Same with the types of messages causing the load: on fuqsr some 2/3rds of messages are heartbeats; on bkfrk 3/4 are timers; on lhg73 and k44fs it’s mostly updates and reply callbacks (although they’re likely also triggered by heartbeats and timers somewhere or other, since the load is pretty flat). There are also subnets with significant ingress message backlogs, even after the scheduler improvements: until yesterday, k44fs was seeing backlogs of up to 2.5k ingress messages, even though the scheduler managed to execute pretty much all canisters with messages every round (so it was likely one or a few backlogged canisters).
We’ve avoided dynamic pricing because we want canister developers to be able to predict their costs. You don’t want your canister running out of cycles overnight because the subnet it’s on is suddenly experiencing a lot of load. While a similar canister with similar load on the next subnet over pays next to nothing.
That doesn’t work. Either you actually reserve 100 compute allocation and then you always get to run every round. Or 50k canisters all pay for “execute every round priority” and none of them gets it once all of them are busy. I.e. AFAICT it’s either a guarantee or it’s best-effort; there’s no in-between.
In traditional AWS you get your own VM. So you never have to compete with other applications (except maybe for bandwidth).
In AWS Lambda (serverless computing, more similar in some ways to what we have with canisters) they can easily shift load around across servers. Partly because that’s all AWS Lambda was built to do (we spent a lot of time building up other parts of the stack) and partly because they have no data attached to their code. Canisters are code + data, AWS Lambda is just code (with the data all held in one central DB); it is a lot easier to replicate and “deploy” snippets of code across physical servers than it is to atomically move data+code across replicated virtual machines running on untrusted hardware.
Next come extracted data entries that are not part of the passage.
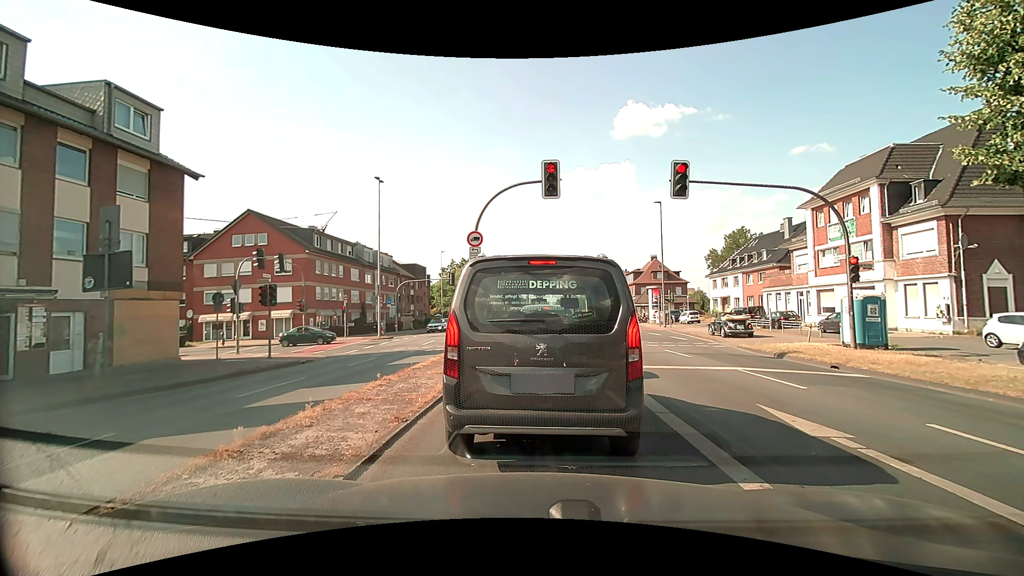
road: primary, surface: asphalt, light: Day
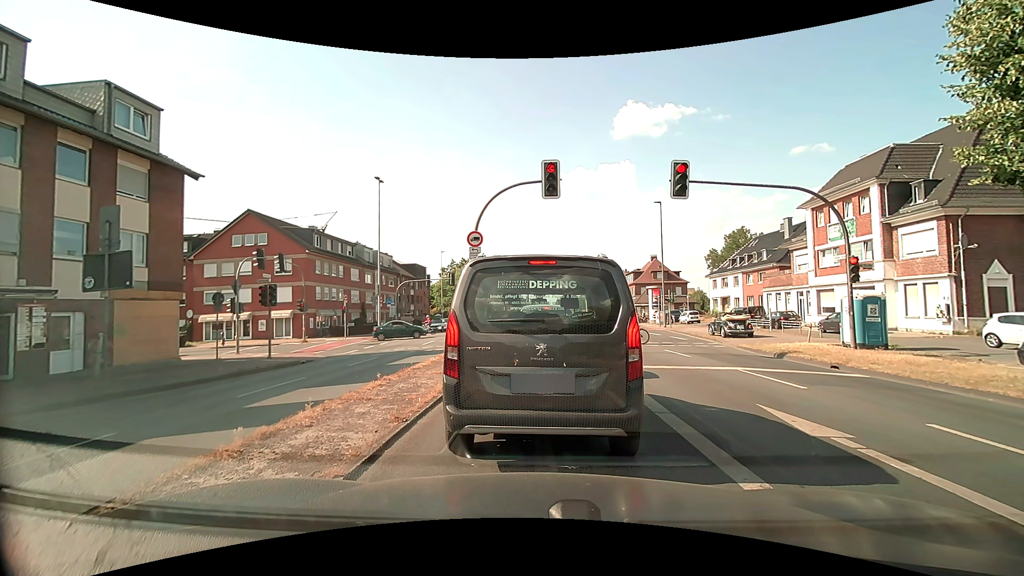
(0.0, 0.0) m; 0°
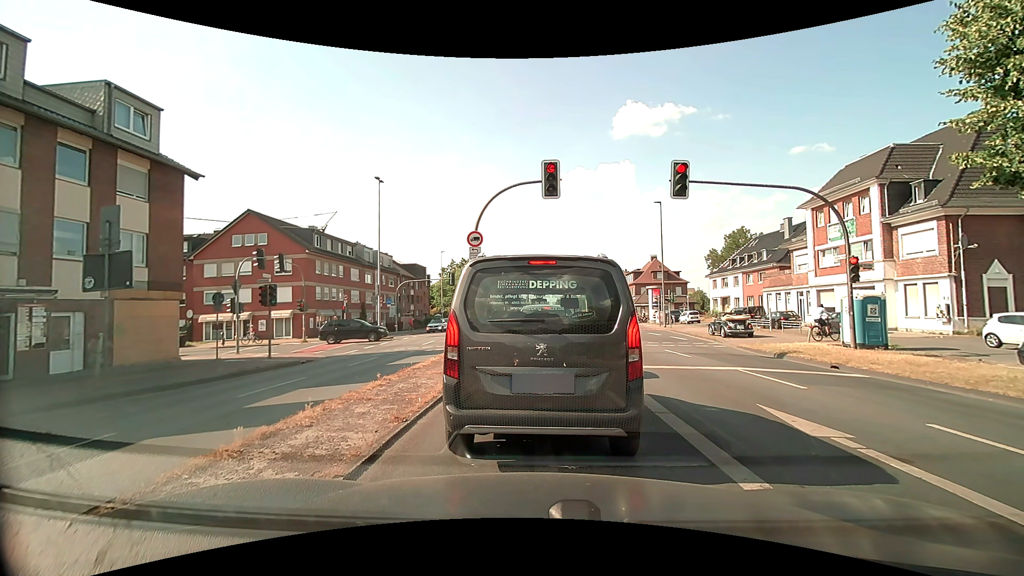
(0.0, 0.0) m; 0°
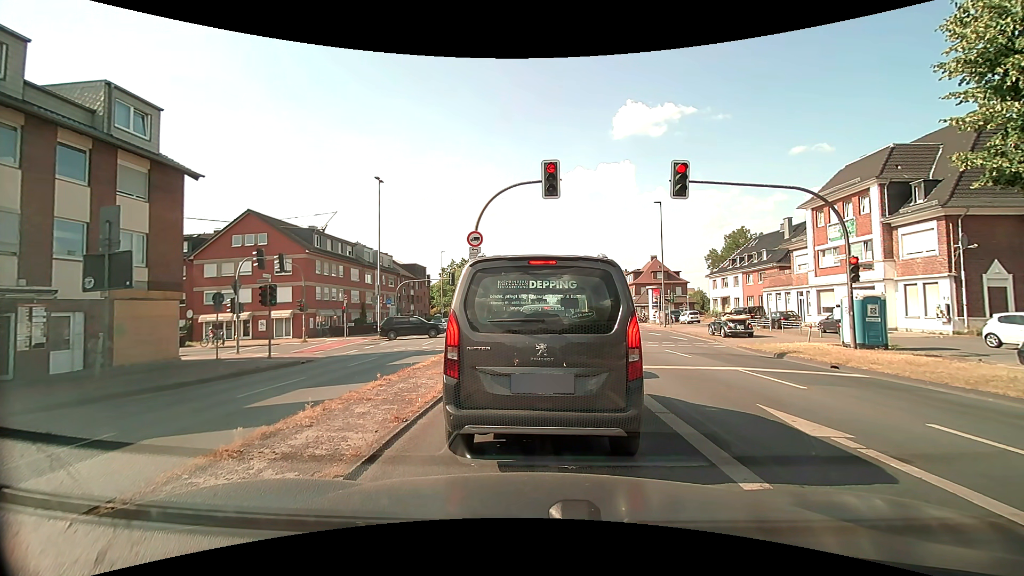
(0.0, 0.0) m; 0°
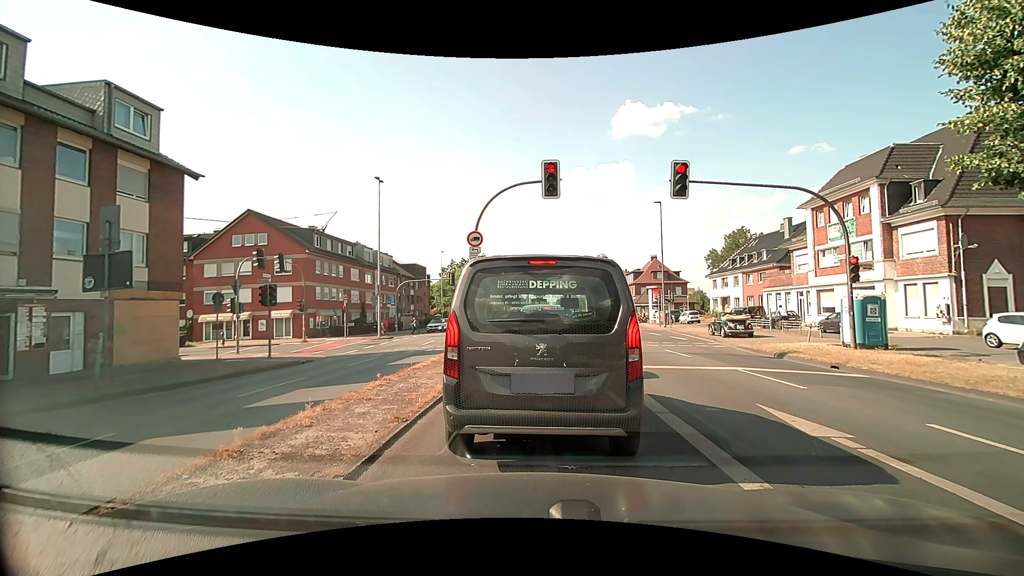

Given a magical data store with arbitrarily high capacity both in terms of storage and throughput (e.g. your own subnet(s) to just host data) it is trivial to load balance frontends across any number of sometimes busy subnets.
So on the one hand it’s the fact that they can actually shift load “instantly” (partly because of their architecture). And on the other hand it’s just scale: they probably have hundreds of thousands of servers to balance load across; we have less than 50 subnets.